2. The method for predicting the scattering field of a variable curvature frequency-selective surface unit according to claim 1, characterized in that, Logarithmic sampling is performed on the curvature of the frequency-selective surface unit. For the arc, sampling is performed on the logarithmic scale. The curvature on the logarithmic scale is restored to the original spatial curvature sampling points to generate a sample set.
3. The method for predicting the scattering field of a variable curvature frequency-selective surface unit according to claim 1, characterized in that, Establish a frequency-selective surface element model library, including: Let the two orthogonal planes XOZ and YOZ be the primary and secondary circular arc surfaces, respectively. The geometry within the primary circular arc surface is a closed surface formed by two circular arcs and two line segments.
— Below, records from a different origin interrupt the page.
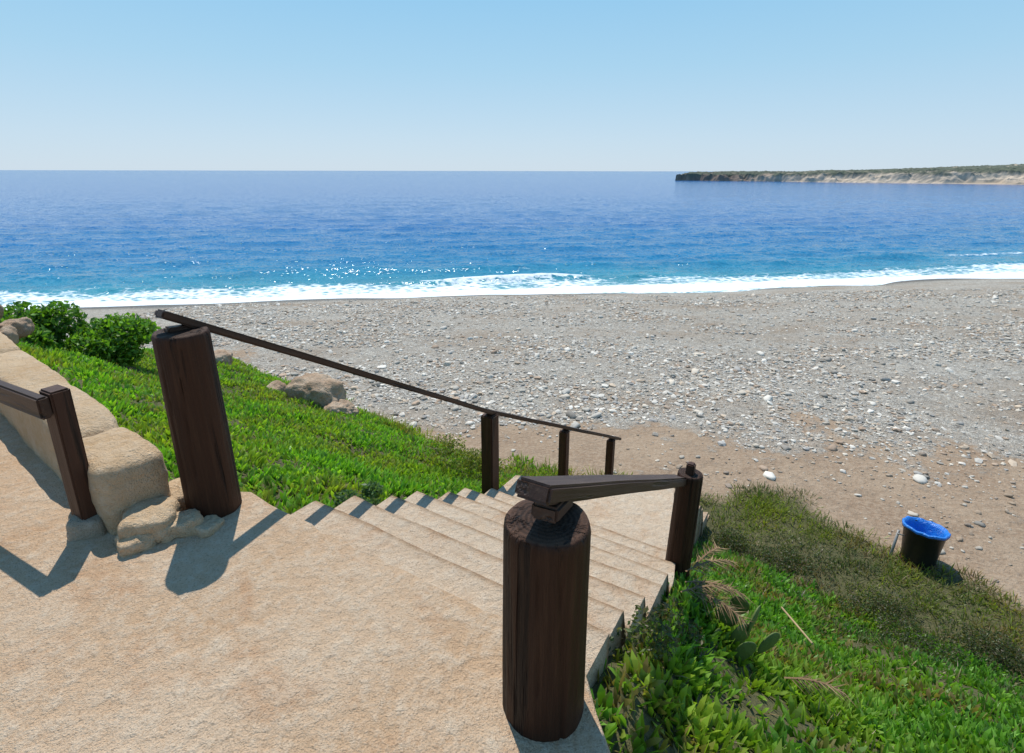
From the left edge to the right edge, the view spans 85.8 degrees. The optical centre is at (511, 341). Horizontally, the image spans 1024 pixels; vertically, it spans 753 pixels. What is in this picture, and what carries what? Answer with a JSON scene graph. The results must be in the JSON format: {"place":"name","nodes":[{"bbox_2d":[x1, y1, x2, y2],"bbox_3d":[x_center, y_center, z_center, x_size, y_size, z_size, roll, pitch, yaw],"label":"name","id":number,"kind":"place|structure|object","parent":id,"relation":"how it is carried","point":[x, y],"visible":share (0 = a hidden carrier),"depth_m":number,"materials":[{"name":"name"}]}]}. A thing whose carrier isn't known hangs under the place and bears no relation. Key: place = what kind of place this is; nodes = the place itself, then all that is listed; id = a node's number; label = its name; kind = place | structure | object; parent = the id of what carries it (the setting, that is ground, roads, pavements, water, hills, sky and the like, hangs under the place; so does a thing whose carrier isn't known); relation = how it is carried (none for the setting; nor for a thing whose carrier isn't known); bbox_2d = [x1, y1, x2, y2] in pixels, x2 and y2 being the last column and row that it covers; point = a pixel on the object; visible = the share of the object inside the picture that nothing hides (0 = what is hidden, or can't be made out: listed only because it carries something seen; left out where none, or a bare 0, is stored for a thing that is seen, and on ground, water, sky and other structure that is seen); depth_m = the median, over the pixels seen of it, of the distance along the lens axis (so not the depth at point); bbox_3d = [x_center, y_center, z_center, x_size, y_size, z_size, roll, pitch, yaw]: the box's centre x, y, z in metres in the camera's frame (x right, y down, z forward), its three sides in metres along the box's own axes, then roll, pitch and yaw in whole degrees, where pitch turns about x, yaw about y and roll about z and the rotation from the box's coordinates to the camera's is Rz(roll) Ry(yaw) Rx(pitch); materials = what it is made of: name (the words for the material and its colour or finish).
{"place":"outdoors","nodes":[
{"label":"outdoors","id":0,"kind":"place"},
{"bbox_2d":[0,414,609,752],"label":"terrace","id":1,"kind":"structure","parent":0,"point":[254,623],"depth_m":2.00,"materials":[{"name":"concrete"}]},
{"bbox_2d":[0,325,18,343],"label":"boulder","id":2,"kind":"object","parent":1,"relation":"on","point":[9,332],"visible":0.69,"depth_m":5.35,"materials":[{"name":"stone"}]},
{"bbox_2d":[0,332,19,353],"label":"wall block","id":3,"kind":"structure","parent":1,"relation":"on","point":[7,344],"depth_m":4.28,"materials":[{"name":"stone"}]},
{"bbox_2d":[0,379,107,541],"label":"wooden railing","id":4,"kind":"object","parent":1,"relation":"on","point":[53,405],"visible":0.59,"depth_m":2.50,"materials":[{"name":"brown wood"}]},
{"bbox_2d":[0,350,118,482],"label":"wall block","id":5,"kind":"structure","parent":1,"relation":"on","point":[22,369],"depth_m":3.33,"materials":[{"name":"stone"}]},
{"bbox_2d":[83,427,170,534],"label":"wall block","id":6,"kind":"structure","parent":1,"relation":"on","point":[127,468],"depth_m":2.62,"materials":[{"name":"stone"}]},
{"bbox_2d":[114,533,156,557],"bbox_3d":[-1.724,0.919,2.534,0.155,0.116,0.158,16,23,42],"label":"footing stone","id":7,"kind":"object","parent":1,"relation":"on","point":[131,546],"visible":0.58,"depth_m":2.48,"materials":[{"name":"stone"}]},
{"bbox_2d":[117,496,180,542],"bbox_3d":[-1.722,0.861,2.631,0.240,0.176,0.284,-7,18,-22],"label":"footing stone","id":8,"kind":"object","parent":1,"relation":"on","point":[155,516],"visible":0.69,"depth_m":2.55,"materials":[{"name":"stone"}]},
{"bbox_2d":[161,509,203,542],"bbox_3d":[-1.588,0.882,2.638,0.200,0.124,0.167,-11,20,-32],"label":"footing stone","id":9,"kind":"object","parent":1,"relation":"on","point":[184,523],"visible":0.59,"depth_m":2.59,"materials":[{"name":"stone"}]},
{"bbox_2d":[192,515,224,537],"bbox_3d":[-1.460,0.901,2.657,0.122,0.087,0.138,7,18,21],"label":"footing stone","id":10,"kind":"object","parent":1,"relation":"on","point":[210,525],"visible":0.79,"depth_m":2.62,"materials":[{"name":"stone"}]},
{"bbox_2d":[0,170,1023,309],"bbox_3d":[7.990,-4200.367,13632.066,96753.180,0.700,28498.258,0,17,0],"label":"sea","id":11,"kind":"structure","parent":0,"point":[95,238],"depth_m":54.34,"materials":[{"name":"liquid"}]},
{"bbox_2d":[0,0,1023,170],"label":"sky","id":12,"kind":"structure","parent":0,"point":[212,85],"materials":[{"name":"blue"}]},
{"bbox_2d":[10,278,1023,752],"bbox_3d":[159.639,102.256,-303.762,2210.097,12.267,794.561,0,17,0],"label":"beach ground","id":13,"kind":"structure","parent":0,"point":[832,498],"depth_m":10.64,"materials":[{"name":"grey gravel"}]},
{"bbox_2d":[0,305,3,318],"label":"boulder","id":14,"kind":"object","parent":13,"relation":"on","point":[1,311],"visible":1,"depth_m":6.28,"materials":[{"name":"stone"}]},
{"bbox_2d":[0,317,34,338],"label":"boulder","id":15,"kind":"object","parent":13,"relation":"on","point":[24,326],"visible":0.68,"depth_m":5.72,"materials":[{"name":"stone"}]},
{"bbox_2d":[0,300,87,347],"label":"green bush","id":16,"kind":"object","parent":13,"relation":"on","point":[52,321],"visible":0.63,"depth_m":7.36,"materials":[{"name":"green plant"}]},
{"bbox_2d":[64,312,161,367],"bbox_3d":[-5.586,0.007,7.736,1.052,0.737,1.262,0,17,0],"label":"green bush","id":17,"kind":"object","parent":13,"relation":"on","point":[109,337],"visible":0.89,"depth_m":7.55,"materials":[{"name":"green plant"}]},
{"bbox_2d":[169,478,185,510],"bbox_3d":[-1.708,0.860,2.904,0.237,0.269,0.424,11,20,31],"label":"footing stone","id":18,"kind":"object","parent":13,"relation":"on","point":[175,487],"visible":0.02,"depth_m":2.81,"materials":[{"name":"stone"}]},
{"bbox_2d":[214,349,232,365],"bbox_3d":[-6.090,0.414,11.522,0.446,0.451,0.558,8,13,-3],"label":"boulder","id":19,"kind":"object","parent":13,"relation":"on","point":[223,355],"visible":0.5,"depth_m":11.44,"materials":[{"name":"stone"}]},
{"bbox_2d":[267,380,286,393],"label":"boulder","id":20,"kind":"object","parent":13,"relation":"on","point":[278,384],"visible":0.24,"depth_m":10.02,"materials":[{"name":"stone"}]},
{"bbox_2d":[285,373,346,407],"bbox_3d":[-3.257,0.912,9.241,0.996,0.732,0.674,12,29,21],"label":"boulder","id":21,"kind":"object","parent":13,"relation":"on","point":[322,390],"visible":0.62,"depth_m":9.00,"materials":[{"name":"stone"}]},
{"bbox_2d":[323,399,358,415],"bbox_3d":[-2.776,1.169,8.948,0.435,0.405,0.562,16,23,41],"label":"boulder","id":22,"kind":"object","parent":13,"relation":"on","point":[345,406],"visible":0.61,"depth_m":8.87,"materials":[{"name":"stone"}]},
{"bbox_2d":[333,480,382,506],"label":"leafy weed","id":23,"kind":"object","parent":13,"relation":"on","point":[374,492],"visible":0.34,"depth_m":3.77,"materials":[{"name":"green plant"}]},
{"bbox_2d":[16,340,748,752],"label":"ice plant ground cover","id":24,"kind":"object","parent":13,"relation":"on","point":[406,478],"visible":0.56,"depth_m":5.42,"materials":[{"name":"green plant"}]},
{"bbox_2d":[151,309,621,517],"bbox_3d":[-0.102,1.141,5.162,0.258,4.039,5.417,11,20,32],"label":"wooden handrail","id":25,"kind":"object","parent":13,"relation":"on","point":[186,364],"visible":0.93,"depth_m":2.64,"materials":[{"name":"brown wood"}]},
{"bbox_2d":[427,435,447,444],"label":"boulder","id":26,"kind":"object","parent":13,"relation":"on","point":[440,437],"visible":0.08,"depth_m":8.90,"materials":[{"name":"stone"}]},
{"bbox_2d":[426,433,480,469],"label":"leafy weed","id":27,"kind":"object","parent":13,"relation":"on","point":[449,452],"visible":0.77,"depth_m":6.62,"materials":[{"name":"green plant"}]},
{"bbox_2d":[450,447,506,479],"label":"leafy weed","id":28,"kind":"object","parent":13,"relation":"on","point":[474,462],"visible":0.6,"depth_m":6.04,"materials":[{"name":"green plant"}]},
{"bbox_2d":[359,407,602,477],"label":"yellow weeds","id":29,"kind":"object","parent":13,"relation":"on","point":[518,465],"visible":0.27,"depth_m":8.51,"materials":[{"name":"green plant"}]},
{"bbox_2d":[291,475,709,687],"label":"stone stairs","id":30,"kind":"structure","parent":13,"relation":"on","point":[450,542],"depth_m":3.16,"materials":[{"name":"stone"}]},
{"bbox_2d":[20,345,1023,752],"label":"dry grass","id":31,"kind":"structure","parent":13,"relation":"on","point":[704,537],"depth_m":5.29,"materials":[{"name":"plant"}]},
{"bbox_2d":[66,287,1023,496],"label":"beach pebbles","id":32,"kind":"object","parent":13,"relation":"on","point":[613,411],"visible":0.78,"depth_m":13.79,"materials":[{"name":"gravel"}]},
{"bbox_2d":[135,286,1023,526],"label":"beach stones","id":33,"kind":"object","parent":13,"relation":"on","point":[917,478],"visible":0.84,"depth_m":14.19,"materials":[{"name":"grey stone"}]},
{"bbox_2d":[502,462,702,741],"bbox_3d":[0.593,1.153,2.709,0.261,2.209,2.288,9,19,28],"label":"wooden handrail","id":34,"kind":"object","parent":13,"relation":"on","point":[546,542],"visible":0.84,"depth_m":1.59,"materials":[{"name":"brown wood"}]},
{"bbox_2d":[609,602,686,661],"bbox_3d":[0.599,1.321,2.471,0.416,0.276,0.236,-4,18,-12],"label":"leafy weed","id":35,"kind":"object","parent":13,"relation":"on","point":[658,642],"visible":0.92,"depth_m":2.45,"materials":[{"name":"green plant"}]},
{"bbox_2d":[648,596,705,661],"bbox_3d":[0.874,1.516,2.896,0.264,0.200,0.343,-12,21,-33],"label":"leafy weed","id":36,"kind":"object","parent":13,"relation":"on","point":[697,633],"visible":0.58,"depth_m":2.91,"materials":[{"name":"green plant"}]},
{"bbox_2d":[421,400,1023,595],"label":"sand stones","id":37,"kind":"object","parent":13,"relation":"on","point":[728,485],"visible":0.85,"depth_m":8.35,"materials":[{"name":"grey stone"}]},
{"bbox_2d":[705,524,770,563],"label":"scrub bush","id":38,"kind":"object","parent":13,"relation":"on","point":[730,538],"visible":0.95,"depth_m":6.68,"materials":[{"name":"green plant"}]},
{"bbox_2d":[713,595,779,660],"bbox_3d":[1.373,1.713,3.241,0.374,0.307,0.273,8,19,24],"label":"prickly pear cactus","id":39,"kind":"object","parent":13,"relation":"on","point":[745,650],"visible":0.83,"depth_m":3.24,"materials":[{"name":"green plant"}]},
{"bbox_2d":[482,472,1023,752],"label":"ice plant ground cover","id":40,"kind":"object","parent":13,"relation":"on","point":[928,723],"visible":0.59,"depth_m":3.31,"materials":[{"name":"green plant"}]},
{"bbox_2d":[695,537,726,568],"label":"dry palm frond","id":41,"kind":"object","parent":40,"relation":"on","point":[716,548],"visible":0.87,"depth_m":3.76,"materials":[{"name":"beige plant"}]},
{"bbox_2d":[681,576,743,603],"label":"dry palm frond","id":42,"kind":"object","parent":40,"relation":"on","point":[720,587],"visible":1,"depth_m":3.19,"materials":[{"name":"beige plant"}]},
{"bbox_2d":[685,554,740,575],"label":"dry palm frond","id":43,"kind":"object","parent":40,"relation":"on","point":[711,561],"visible":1,"depth_m":3.57,"materials":[{"name":"beige plant"}]},
{"bbox_2d":[685,576,752,609],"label":"dry palm frond","id":44,"kind":"object","parent":40,"relation":"on","point":[712,583],"visible":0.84,"depth_m":3.29,"materials":[{"name":"beige plant"}]},
{"bbox_2d":[695,592,754,636],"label":"dry palm frond","id":45,"kind":"object","parent":40,"relation":"on","point":[719,602],"visible":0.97,"depth_m":3.14,"materials":[{"name":"beige plant"}]},
{"bbox_2d":[781,607,812,644],"bbox_3d":[2.154,2.149,4.184,0.016,0.016,0.698,3,-6,10],"label":"dry cane stick","id":46,"kind":"object","parent":40,"relation":"on","point":[795,623],"visible":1,"depth_m":4.14,"materials":[{"name":"beige wood"}]},
{"bbox_2d":[784,671,855,710],"bbox_3d":[1.670,1.897,2.979,0.354,0.141,0.230,0,17,0],"label":"dry palm frond","id":47,"kind":"object","parent":40,"relation":"on","point":[819,682],"visible":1,"depth_m":2.97,"materials":[{"name":"brown plant"}]},
{"bbox_2d":[747,541,837,586],"bbox_3d":[3.228,2.542,6.382,0.977,0.234,0.701,9,19,25],"label":"scrub bush","id":48,"kind":"object","parent":13,"relation":"on","point":[786,558],"visible":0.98,"depth_m":6.34,"materials":[{"name":"green plant"}]},
{"bbox_2d":[585,469,1023,702],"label":"scrub","id":49,"kind":"object","parent":13,"relation":"on","point":[766,506],"visible":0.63,"depth_m":6.20,"materials":[{"name":"green plant"}]},
{"bbox_2d":[838,581,926,645],"bbox_3d":[3.807,2.731,5.628,0.687,0.269,0.828,-13,22,-37],"label":"scrub bush","id":50,"kind":"object","parent":13,"relation":"on","point":[881,602],"visible":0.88,"depth_m":5.65,"materials":[{"name":"green plant"}]},
{"bbox_2d":[889,516,950,569],"bbox_3d":[4.766,2.439,6.449,0.498,0.663,0.461,-12,21,-34],"label":"litter bin","id":51,"kind":"object","parent":13,"relation":"on","point":[924,540],"visible":0.95,"depth_m":6.33,"materials":[{"name":"black plastic"}]},
{"bbox_2d":[874,614,973,669],"bbox_3d":[3.731,2.807,4.957,0.732,0.229,0.891,0,17,0],"label":"scrub bush","id":52,"kind":"object","parent":13,"relation":"on","point":[927,640],"visible":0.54,"depth_m":5.08,"materials":[{"name":"green plant"}]},
{"bbox_2d":[935,616,1023,673],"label":"scrub bush","id":53,"kind":"object","parent":13,"relation":"on","point":[997,649],"visible":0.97,"depth_m":5.17,"materials":[{"name":"green plant"}]},
{"bbox_2d":[675,164,1023,184],"bbox_3d":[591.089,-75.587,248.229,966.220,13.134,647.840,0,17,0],"label":"headland","id":54,"kind":"structure","parent":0,"point":[1011,174],"depth_m":310.51,"materials":[{"name":"beige stone"}]}
]}

The secondary circular arc surface is composed of a single circular arc. The sweeping section within the primary circular arc surface is scanned along the circular arc trajectory within the secondary circular arc surface to generate the geometry.
4. The method for predicting the scattering field of a variable curvature frequency-selective surface unit according to claim 1, characterized in that, Simulations were performed on the established frequency-selective surface element model library, including: The established frequency-selective surface element solid model was used in a full-wave simulation software to set observation points, plane wave form, and solution options to solve for near-field data of frequency-selective surface elements with different curvatures.
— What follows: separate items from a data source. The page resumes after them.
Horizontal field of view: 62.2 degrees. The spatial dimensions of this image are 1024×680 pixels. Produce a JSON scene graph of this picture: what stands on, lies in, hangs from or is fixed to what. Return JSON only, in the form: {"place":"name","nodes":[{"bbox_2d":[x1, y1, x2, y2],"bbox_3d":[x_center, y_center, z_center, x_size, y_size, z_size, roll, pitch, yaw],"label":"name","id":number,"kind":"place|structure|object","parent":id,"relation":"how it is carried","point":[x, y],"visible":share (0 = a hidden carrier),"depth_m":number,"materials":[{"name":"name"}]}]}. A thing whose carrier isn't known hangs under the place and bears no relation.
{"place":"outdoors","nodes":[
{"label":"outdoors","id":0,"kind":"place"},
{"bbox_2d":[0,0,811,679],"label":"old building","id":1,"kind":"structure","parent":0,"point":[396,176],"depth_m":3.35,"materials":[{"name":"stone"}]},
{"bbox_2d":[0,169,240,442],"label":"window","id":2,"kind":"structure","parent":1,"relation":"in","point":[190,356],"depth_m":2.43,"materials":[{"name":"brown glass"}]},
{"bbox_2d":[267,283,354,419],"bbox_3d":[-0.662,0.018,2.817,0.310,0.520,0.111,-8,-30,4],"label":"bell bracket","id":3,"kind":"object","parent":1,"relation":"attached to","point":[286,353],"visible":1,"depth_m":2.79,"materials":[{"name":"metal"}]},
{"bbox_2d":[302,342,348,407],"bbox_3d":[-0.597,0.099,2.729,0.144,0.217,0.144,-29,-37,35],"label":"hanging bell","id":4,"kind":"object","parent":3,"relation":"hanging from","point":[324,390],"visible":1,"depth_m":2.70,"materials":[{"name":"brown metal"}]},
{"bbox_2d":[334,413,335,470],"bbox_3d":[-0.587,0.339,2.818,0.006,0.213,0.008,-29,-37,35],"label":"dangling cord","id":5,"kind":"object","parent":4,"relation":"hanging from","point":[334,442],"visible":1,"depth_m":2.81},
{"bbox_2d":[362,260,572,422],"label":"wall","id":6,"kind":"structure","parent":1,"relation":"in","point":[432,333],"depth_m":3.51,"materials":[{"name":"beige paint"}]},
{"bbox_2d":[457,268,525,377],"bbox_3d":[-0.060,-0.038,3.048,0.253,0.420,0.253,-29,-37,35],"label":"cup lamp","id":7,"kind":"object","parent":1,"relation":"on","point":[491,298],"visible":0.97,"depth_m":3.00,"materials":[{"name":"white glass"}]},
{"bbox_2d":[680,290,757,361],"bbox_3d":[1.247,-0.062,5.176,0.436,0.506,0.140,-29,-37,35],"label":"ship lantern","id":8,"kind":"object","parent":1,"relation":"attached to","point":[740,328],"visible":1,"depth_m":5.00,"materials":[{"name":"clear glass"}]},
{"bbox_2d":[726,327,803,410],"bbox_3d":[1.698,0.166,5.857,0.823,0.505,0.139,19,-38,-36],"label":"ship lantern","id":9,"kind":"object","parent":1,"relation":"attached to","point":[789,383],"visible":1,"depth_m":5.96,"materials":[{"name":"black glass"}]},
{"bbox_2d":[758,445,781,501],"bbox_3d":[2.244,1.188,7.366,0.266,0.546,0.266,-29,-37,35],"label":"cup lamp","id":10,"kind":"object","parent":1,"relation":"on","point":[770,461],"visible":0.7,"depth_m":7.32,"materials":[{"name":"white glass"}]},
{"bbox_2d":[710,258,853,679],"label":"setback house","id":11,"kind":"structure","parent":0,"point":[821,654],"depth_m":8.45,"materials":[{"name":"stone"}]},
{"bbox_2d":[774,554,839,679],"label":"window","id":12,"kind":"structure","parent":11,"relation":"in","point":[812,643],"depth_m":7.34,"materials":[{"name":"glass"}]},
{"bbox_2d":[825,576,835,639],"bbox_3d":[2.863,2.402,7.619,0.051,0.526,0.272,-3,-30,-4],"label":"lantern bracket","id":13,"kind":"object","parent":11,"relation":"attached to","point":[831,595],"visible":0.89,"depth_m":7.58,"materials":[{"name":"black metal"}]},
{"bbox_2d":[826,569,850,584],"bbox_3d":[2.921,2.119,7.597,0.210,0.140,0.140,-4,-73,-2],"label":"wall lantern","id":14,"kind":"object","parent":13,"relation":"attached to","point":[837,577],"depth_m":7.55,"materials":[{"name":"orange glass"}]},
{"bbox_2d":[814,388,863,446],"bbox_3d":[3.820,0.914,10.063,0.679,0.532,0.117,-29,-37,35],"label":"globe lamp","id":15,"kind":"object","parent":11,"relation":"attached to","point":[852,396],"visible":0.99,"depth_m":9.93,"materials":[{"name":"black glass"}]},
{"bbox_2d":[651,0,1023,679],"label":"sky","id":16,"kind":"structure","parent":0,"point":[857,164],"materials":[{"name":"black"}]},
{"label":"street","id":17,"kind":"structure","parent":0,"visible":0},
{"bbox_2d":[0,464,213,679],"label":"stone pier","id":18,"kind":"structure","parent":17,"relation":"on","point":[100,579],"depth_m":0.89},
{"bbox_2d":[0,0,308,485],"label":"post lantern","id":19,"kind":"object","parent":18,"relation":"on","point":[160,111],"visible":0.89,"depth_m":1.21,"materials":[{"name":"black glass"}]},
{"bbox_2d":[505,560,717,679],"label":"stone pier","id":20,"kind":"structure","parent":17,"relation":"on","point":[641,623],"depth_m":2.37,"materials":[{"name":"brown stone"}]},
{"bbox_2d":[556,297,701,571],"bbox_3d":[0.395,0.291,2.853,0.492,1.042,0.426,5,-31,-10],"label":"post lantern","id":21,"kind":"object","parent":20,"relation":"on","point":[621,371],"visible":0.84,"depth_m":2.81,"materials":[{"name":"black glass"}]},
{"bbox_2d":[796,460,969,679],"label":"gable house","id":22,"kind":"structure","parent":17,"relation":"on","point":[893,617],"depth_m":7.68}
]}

5. The method for predicting the scattering field of a variable curvature frequency-selective surface unit according to claim 1, characterized in that, Based on the frequency, select a surface element model library and solve for the infinitesimal dipole position vector matrix, including: Discretize the circular arcs in the YOZ plane into nodes to obtain the position information of the dipoles; Rotate the dipole coordinates on the inner arc of the YOZ plane along the X-axis to obtain the dipole position coordinates on the surface unit of the frequency selection surface. Three orthogonally arranged dipoles are placed at each position, and the pointing information and position information are organized into a position vector matrix.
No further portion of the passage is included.